The Edge cancellation fits into a larger pattern of tech companies struggling to balance on-device AI with business models. Apple’s Private Cloud Compute for Apple Intelligence was designed to mitigate this tension by processing sensitive requests on-device first, falling back to encrypted cloud compute only when necessary. Google has been developing Gemini Nano for Chrome, but its implementation remains deeply tied to cloud services for quality results.

Microsoft’s own Copilot+ PCs were marketed around on-device AI, with features like Recall, Cocreate, and Live Captions all running locally. But Recall, in particular, faced a backlash over security when it was revealed that the screenshot databases were stored unencrypted on disk—an oversight Microsoft eventually patched. The controversy may have made the Edge team wary of shipping a similar “local but sensitive” feature, especially one that indexes the full text of every page visited.

What’s Next for Edge AI Features?

While AI History Search is dead, Microsoft has not abandoned all local AI ambitions in Edge. The browser still offers on-device text prediction, a local translation engine powered by the Microsoft Translator model, and a basic NPU-driven auto-captioning tool for media. The company is also experimenting with a cloud-assisted history aggregation feature under the “Copilot in Edge” umbrella, which would upload anonymized usage patterns to help users discover content across devices.

In a statement provided to Windows News, a Microsoft spokesperson said: “We constantly evaluate our features to ensure they meet customer needs and our high performance standards. After thorough testing, we decided not to ship AI History Search in its current form. We remain committed to bringing innovative, privacy-respecting AI capabilities to Edge and will share more later this year.”

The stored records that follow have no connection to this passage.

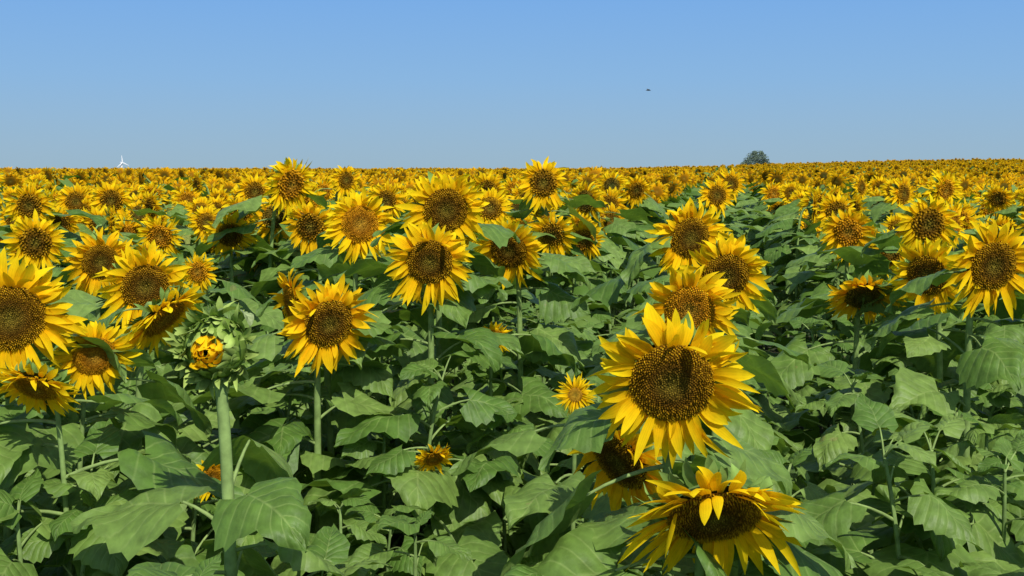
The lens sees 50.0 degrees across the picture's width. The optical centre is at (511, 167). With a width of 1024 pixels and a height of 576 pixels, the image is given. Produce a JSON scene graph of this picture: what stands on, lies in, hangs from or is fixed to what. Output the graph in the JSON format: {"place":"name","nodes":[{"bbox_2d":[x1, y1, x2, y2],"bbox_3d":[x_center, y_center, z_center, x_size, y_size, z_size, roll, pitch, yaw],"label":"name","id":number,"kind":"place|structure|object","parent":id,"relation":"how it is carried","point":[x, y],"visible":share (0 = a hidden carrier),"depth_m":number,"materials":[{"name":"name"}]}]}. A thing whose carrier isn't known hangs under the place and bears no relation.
{"place":"outdoors","nodes":[
{"label":"outdoors","id":0,"kind":"place"},
{"bbox_2d":[0,0,1023,168],"label":"sky","id":1,"kind":"structure","parent":0,"point":[363,84],"materials":[{"name":"blue"}]},
{"bbox_2d":[0,156,1023,575],"bbox_3d":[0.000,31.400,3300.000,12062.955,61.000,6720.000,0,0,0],"label":"ground","id":2,"kind":"structure","parent":0,"point":[773,350],"depth_m":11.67,"materials":[{"name":"green plant"}]},
{"bbox_2d":[0,182,104,281],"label":"sunflower","id":3,"kind":"object","parent":2,"relation":"on","point":[27,202],"visible":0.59,"depth_m":6.60,"materials":[{"name":"yellow plant"}]},
{"bbox_2d":[0,209,109,319],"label":"sunflower","id":4,"kind":"object","parent":2,"relation":"on","point":[36,241],"visible":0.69,"depth_m":5.49,"materials":[{"name":"yellow plant"}]},
{"bbox_2d":[0,247,164,539],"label":"sunflower","id":5,"kind":"object","parent":2,"relation":"on","point":[29,318],"visible":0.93,"depth_m":2.76,"materials":[{"name":"yellow plant"}]},
{"bbox_2d":[45,227,133,349],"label":"sunflower","id":6,"kind":"object","parent":2,"relation":"on","point":[94,253],"visible":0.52,"depth_m":4.79,"materials":[{"name":"yellow plant"}]},
{"bbox_2d":[0,321,211,575],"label":"sunflower","id":7,"kind":"object","parent":2,"relation":"on","point":[90,369],"visible":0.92,"depth_m":2.90,"materials":[{"name":"green plant"}]},
{"bbox_2d":[25,284,209,534],"bbox_3d":[-1.232,1.154,3.407,0.713,1.592,0.607,0,0,-19],"label":"sunflower","id":8,"kind":"object","parent":2,"relation":"on","point":[155,320],"visible":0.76,"depth_m":3.39,"materials":[{"name":"green plant"}]},
{"bbox_2d":[0,358,243,575],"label":"sunflower","id":9,"kind":"object","parent":2,"relation":"on","point":[166,464],"visible":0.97,"depth_m":2.65,"materials":[{"name":"green plant"}]},
{"bbox_2d":[33,239,215,483],"bbox_3d":[-1.356,1.097,3.836,0.669,1.706,0.695,0,0,40],"label":"sunflower","id":10,"kind":"object","parent":2,"relation":"on","point":[138,277],"visible":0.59,"depth_m":3.72,"materials":[{"name":"yellow plant"}]},
{"bbox_2d":[70,296,344,575],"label":"sunflower bud","id":11,"kind":"object","parent":2,"relation":"on","point":[213,350],"visible":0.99,"depth_m":2.28,"materials":[{"name":"green plant"}]},
{"bbox_2d":[150,252,283,429],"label":"sunflower","id":12,"kind":"object","parent":2,"relation":"on","point":[199,272],"visible":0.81,"depth_m":5.01,"materials":[{"name":"green plant"}]},
{"bbox_2d":[166,210,291,318],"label":"sunflower","id":13,"kind":"object","parent":2,"relation":"on","point":[228,241],"visible":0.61,"depth_m":6.52,"materials":[{"name":"green plant"}]},
{"bbox_2d":[181,450,290,554],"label":"sunflower","id":14,"kind":"object","parent":2,"relation":"on","point":[244,482],"visible":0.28,"depth_m":3.31,"materials":[{"name":"green plant"}]},
{"bbox_2d":[169,274,417,541],"bbox_3d":[-0.690,1.143,3.598,0.753,1.615,0.552,0,0,0],"label":"sunflower","id":15,"kind":"object","parent":2,"relation":"on","point":[324,324],"visible":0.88,"depth_m":3.52,"materials":[{"name":"green plant"}]},
{"bbox_2d":[250,198,380,386],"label":"sunflower","id":16,"kind":"object","parent":2,"relation":"on","point":[307,226],"visible":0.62,"depth_m":6.01,"materials":[{"name":"yellow plant"}]},
{"bbox_2d":[231,268,402,473],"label":"sunflower","id":17,"kind":"object","parent":2,"relation":"on","point":[371,379],"visible":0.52,"depth_m":3.79,"materials":[{"name":"green plant"}]},
{"bbox_2d":[256,186,435,456],"bbox_3d":[-0.676,1.012,4.734,0.653,1.876,0.746,0,0,24],"label":"sunflower","id":18,"kind":"object","parent":2,"relation":"on","point":[357,220],"visible":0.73,"depth_m":4.61,"materials":[{"name":"yellow plant"}]},
{"bbox_2d":[300,442,516,575],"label":"sunflower","id":19,"kind":"object","parent":2,"relation":"on","point":[490,557],"visible":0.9,"depth_m":3.34,"materials":[{"name":"green plant"}]},
{"bbox_2d":[333,171,526,510],"bbox_3d":[-0.247,0.980,4.189,0.652,1.940,0.782,0,0,9],"label":"sunflower","id":20,"kind":"object","parent":2,"relation":"on","point":[442,203],"visible":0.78,"depth_m":4.04,"materials":[{"name":"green plant"}]},
{"bbox_2d":[352,217,515,515],"bbox_3d":[-0.349,1.059,3.954,0.748,1.783,0.595,0,0,11],"label":"sunflower","id":21,"kind":"object","parent":2,"relation":"on","point":[429,256],"visible":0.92,"depth_m":3.81,"materials":[{"name":"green plant"}]},
{"bbox_2d":[435,321,581,506],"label":"sunflower","id":22,"kind":"object","parent":2,"relation":"on","point":[536,394],"visible":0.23,"depth_m":4.21,"materials":[{"name":"green plant"}]},
{"bbox_2d":[435,216,596,395],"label":"sunflower","id":23,"kind":"object","parent":2,"relation":"on","point":[555,301],"visible":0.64,"depth_m":4.50,"materials":[{"name":"green plant"}]},
{"bbox_2d":[524,211,606,329],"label":"sunflower","id":24,"kind":"object","parent":2,"relation":"on","point":[552,225],"visible":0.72,"depth_m":6.80,"materials":[{"name":"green plant"}]},
{"bbox_2d":[448,373,714,535],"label":"sunflower","id":25,"kind":"object","parent":2,"relation":"on","point":[544,493],"visible":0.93,"depth_m":2.99,"materials":[{"name":"green plant"}]},
{"bbox_2d":[535,220,632,463],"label":"sunflower","id":26,"kind":"object","parent":2,"relation":"on","point":[602,252],"visible":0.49,"depth_m":7.01,"materials":[{"name":"green plant"}]},
{"bbox_2d":[501,302,792,575],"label":"sunflower","id":27,"kind":"object","parent":2,"relation":"on","point":[676,380],"visible":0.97,"depth_m":2.21,"materials":[{"name":"yellow plant"}]},
{"bbox_2d":[523,424,810,575],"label":"sunflower","id":28,"kind":"object","parent":2,"relation":"on","point":[614,458],"visible":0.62,"depth_m":2.69,"materials":[{"name":"yellow plant"}]},
{"bbox_2d":[571,198,776,358],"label":"sunflower","id":29,"kind":"object","parent":2,"relation":"on","point":[684,229],"visible":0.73,"depth_m":4.09,"materials":[{"name":"yellow plant"}]},
{"bbox_2d":[582,264,802,572],"bbox_3d":[0.554,1.114,3.376,0.683,1.672,0.588,0,0,19],"label":"sunflower","id":30,"kind":"object","parent":2,"relation":"on","point":[701,301],"visible":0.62,"depth_m":3.19,"materials":[{"name":"yellow plant"}]},
{"bbox_2d":[533,455,856,575],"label":"sunflower","id":31,"kind":"object","parent":2,"relation":"on","point":[715,513],"visible":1,"depth_m":2.13,"materials":[{"name":"yellow plant"}]},
{"bbox_2d":[603,232,812,497],"bbox_3d":[0.645,1.077,3.628,0.683,1.747,0.539,0,0,-23],"label":"sunflower","id":32,"kind":"object","parent":2,"relation":"on","point":[737,262],"visible":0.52,"depth_m":3.50,"materials":[{"name":"yellow plant"}]},
{"bbox_2d":[740,150,769,164],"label":"tree","id":33,"kind":"object","parent":2,"relation":"on","point":[757,158],"visible":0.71,"depth_m":299.46,"materials":[{"name":"green plant"}]},
{"bbox_2d":[773,208,898,354],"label":"sunflower","id":34,"kind":"object","parent":2,"relation":"on","point":[846,228],"visible":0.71,"depth_m":6.02,"materials":[{"name":"green plant"}]},
{"bbox_2d":[755,270,935,484],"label":"sunflower","id":35,"kind":"object","parent":2,"relation":"on","point":[852,292],"visible":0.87,"depth_m":4.56,"materials":[{"name":"green plant"}]},
{"bbox_2d":[829,227,905,326],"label":"sunflower","id":36,"kind":"object","parent":2,"relation":"on","point":[889,256],"visible":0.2,"depth_m":6.32,"materials":[{"name":"green plant"}]},
{"bbox_2d":[816,193,976,411],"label":"sunflower","id":37,"kind":"object","parent":2,"relation":"on","point":[930,221],"visible":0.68,"depth_m":5.21,"materials":[{"name":"yellow plant"}]},
{"bbox_2d":[855,238,1023,461],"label":"sunflower","id":38,"kind":"object","parent":2,"relation":"on","point":[933,357],"visible":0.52,"depth_m":4.22,"materials":[{"name":"green plant"}]},
{"bbox_2d":[864,218,1023,509],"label":"sunflower","id":39,"kind":"object","parent":2,"relation":"on","point":[991,259],"visible":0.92,"depth_m":3.46,"materials":[{"name":"green plant"}]}
]}

The statement leaves the door open for a reimagined version—perhaps one that offloads heavier processing to Microsoft servers while encrypting data in transit and at rest, or a tiered approach where basic search runs locally and complex semantic queries leverage the cloud with explicit consent.

Conclusion: A Cautionary Tale for Local AI

The swift rise and fall of Edge’s AI History Search illustrates the massive gap between the promise of on-device AI and the reality of shipping it. Users want instantaneous, intelligent local search that never leaks their data. Hardware makers are shipping NPUs that claim to deliver it. But the software still struggles to balance performance, accuracy, and battery life without compromise.

For Windows enthusiasts and enterprise IT decision-makers, the takeaway is clear: don’t bank on roadmap features until they’re actually installed. Microsoft’s pivot also suggests that truly local AI will remain a niche, at least until the next generation of low-power accelerators arrives. Until then, your browser history will stay dumb—and ironically, that might be the smartest privacy move of all.